I think that Russia has no choice but to 'resurge', that is, assert themselves. The alternative is to again be sneak-attacked (as in Ukraine) or steamrolled (as under Jelzin) by the US. To characterise that as resurgence only makes sense in light of Russia's previous weakness.

That weakness, however, was an aberration. When Russia under Putin now again enjoys a degree of stability, power and economic improvement, even with sanctions, well, good for them.

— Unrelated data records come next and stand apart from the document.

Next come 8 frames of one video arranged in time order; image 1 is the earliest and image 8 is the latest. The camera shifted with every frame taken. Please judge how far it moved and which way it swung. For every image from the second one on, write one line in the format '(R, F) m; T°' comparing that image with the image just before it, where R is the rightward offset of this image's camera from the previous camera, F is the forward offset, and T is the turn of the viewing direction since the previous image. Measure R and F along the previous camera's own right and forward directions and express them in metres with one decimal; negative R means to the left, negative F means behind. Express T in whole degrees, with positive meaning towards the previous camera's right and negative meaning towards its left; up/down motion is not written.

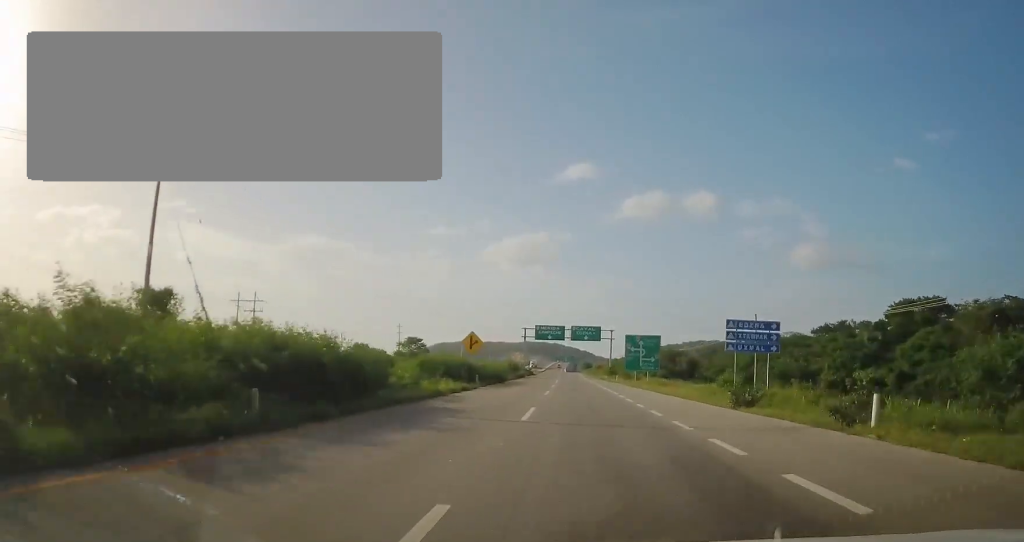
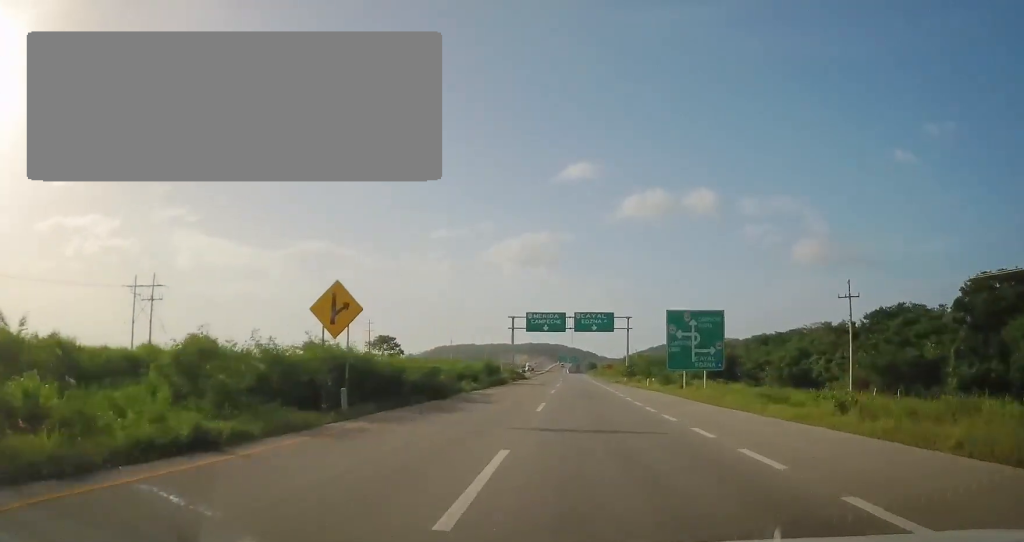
(+0.4, +25.3) m; 0°
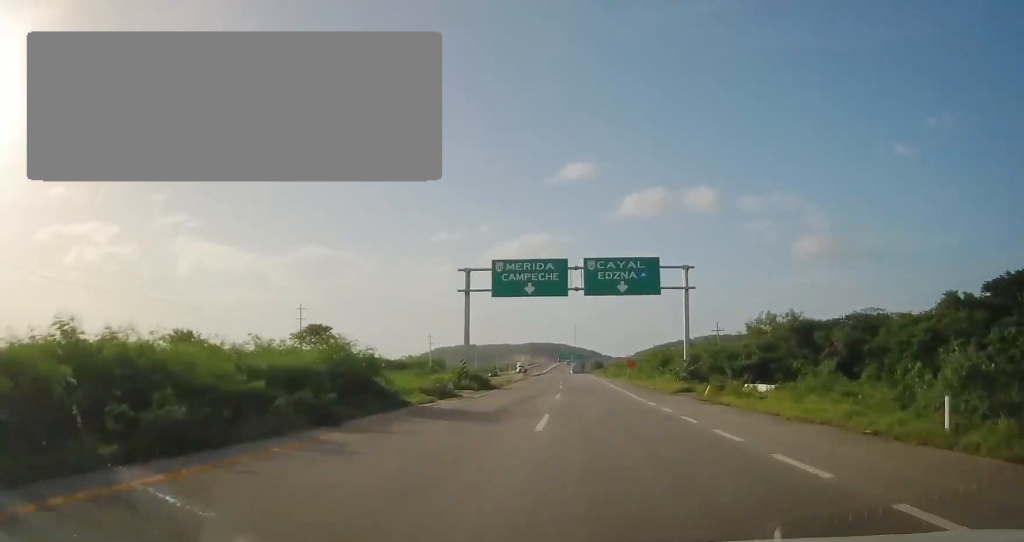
(-0.6, +36.4) m; -1°
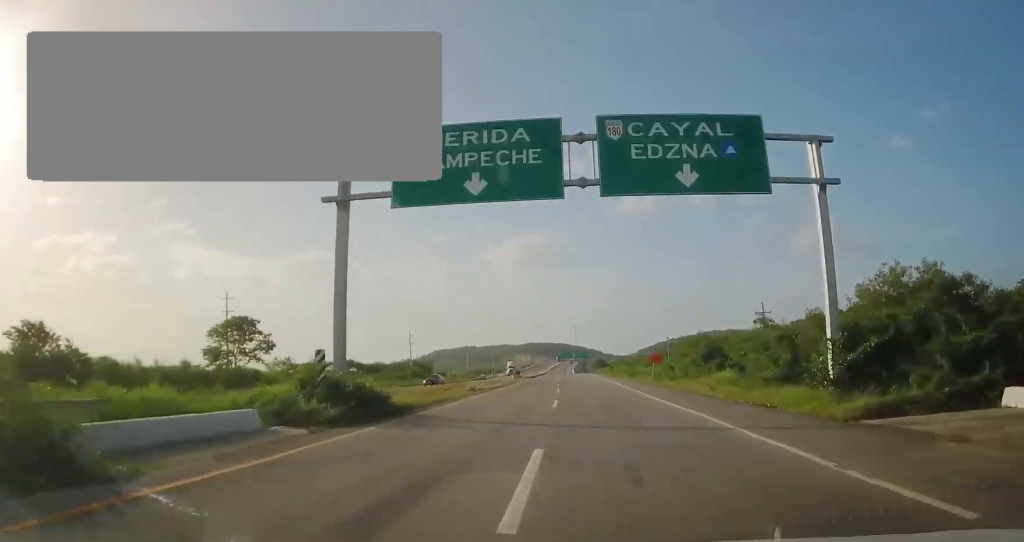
(0.0, +22.5) m; 0°
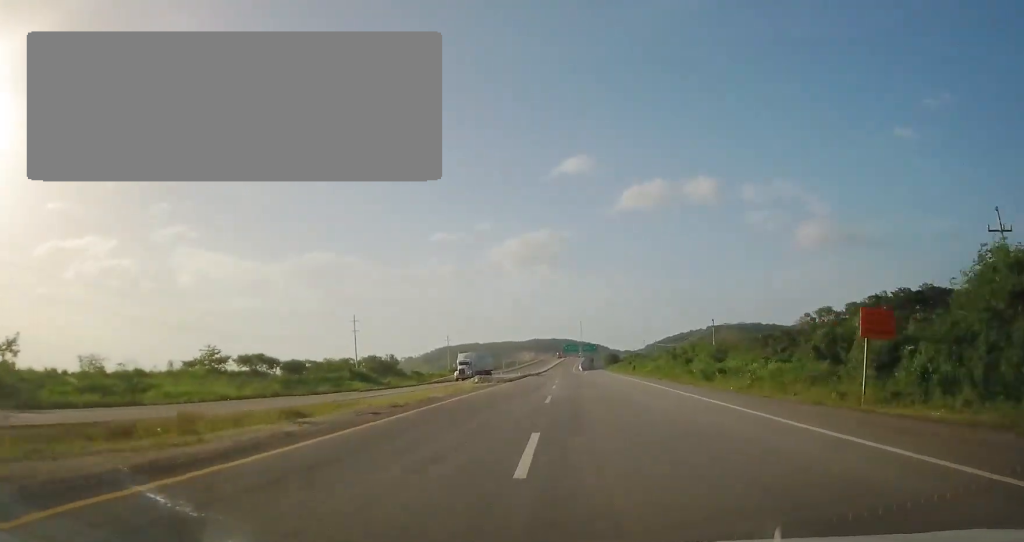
(+0.1, +42.5) m; 0°
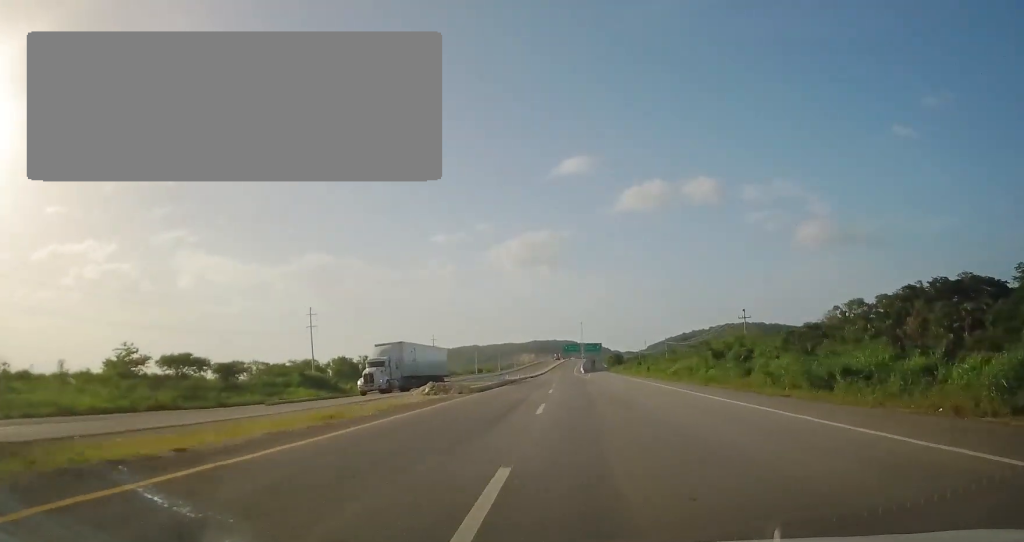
(0.0, +19.5) m; 0°
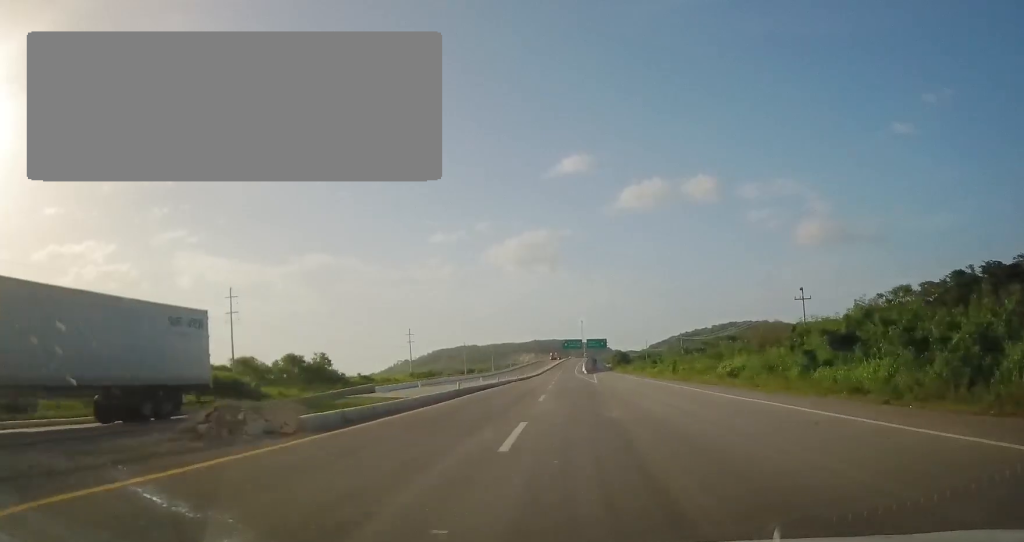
(0.0, +23.5) m; 0°
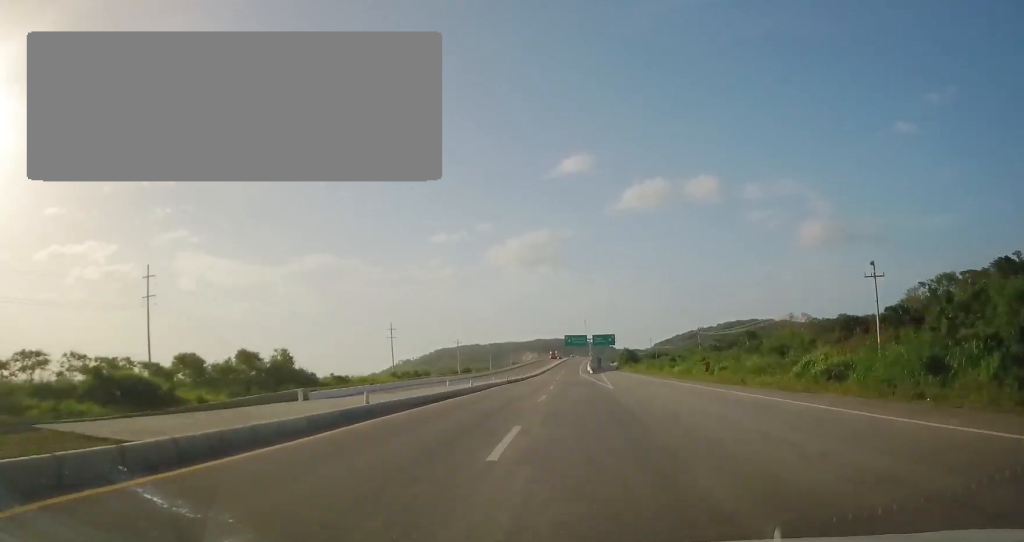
(0.0, +16.4) m; 0°

Tying themselves to the US obviously didn't work out well for them and basically gave them chaos, misery and creatures like Chodorchowski. I think that the US do not fully understand the extent of the bad experience they helped give Russia with their economic 'shock therapy'.


in particular:


"Following the complete collapse of the Russian economy in 1998, the number of people living below the official poverty line--in Russia, a measure of truly desperate conditions--rose to nearly 40%. Seniors in urban areas--with no access to jobs or land--were the hardest hit. Unlike those in rural areas, who could subsist on homegrown food, they had nowhere to turn. As in Soviet times, Russians were waiting in lines, hunting for scarce goods, and hoarding what they could find. The devastation of Russian life was by all measurements worse than America's Crash of 1929. U.S. unemployment at the end of 1929 reached 1.5 million, representing 1.2% of the total population, but more than 11.3 million Russians were jobless at the end of 1998--7.7% of the nation's total population. In the 1929 crash, stock prices fell 17% by year-end--and 90% by the depth of the Great Depression, four years later. By contrast, the Russian stock market lost 90% of its value in 1998 alone. Millions of ordinary men and women who had deposited their money in Russian banks lost everything. Here, an elderly Russian woman takes fruit from a trash bin in Moscow, August 28, 1998."


I can't for sure tell what Putin wants, but it is very clear to me what he does not want to happen again. One of the these things is a Russia again being subservient to the US.

The stunt in Ukraine must have driven home to Russia the point that the US not only gives bad advice, but is itself a bad actor acting in bad faith.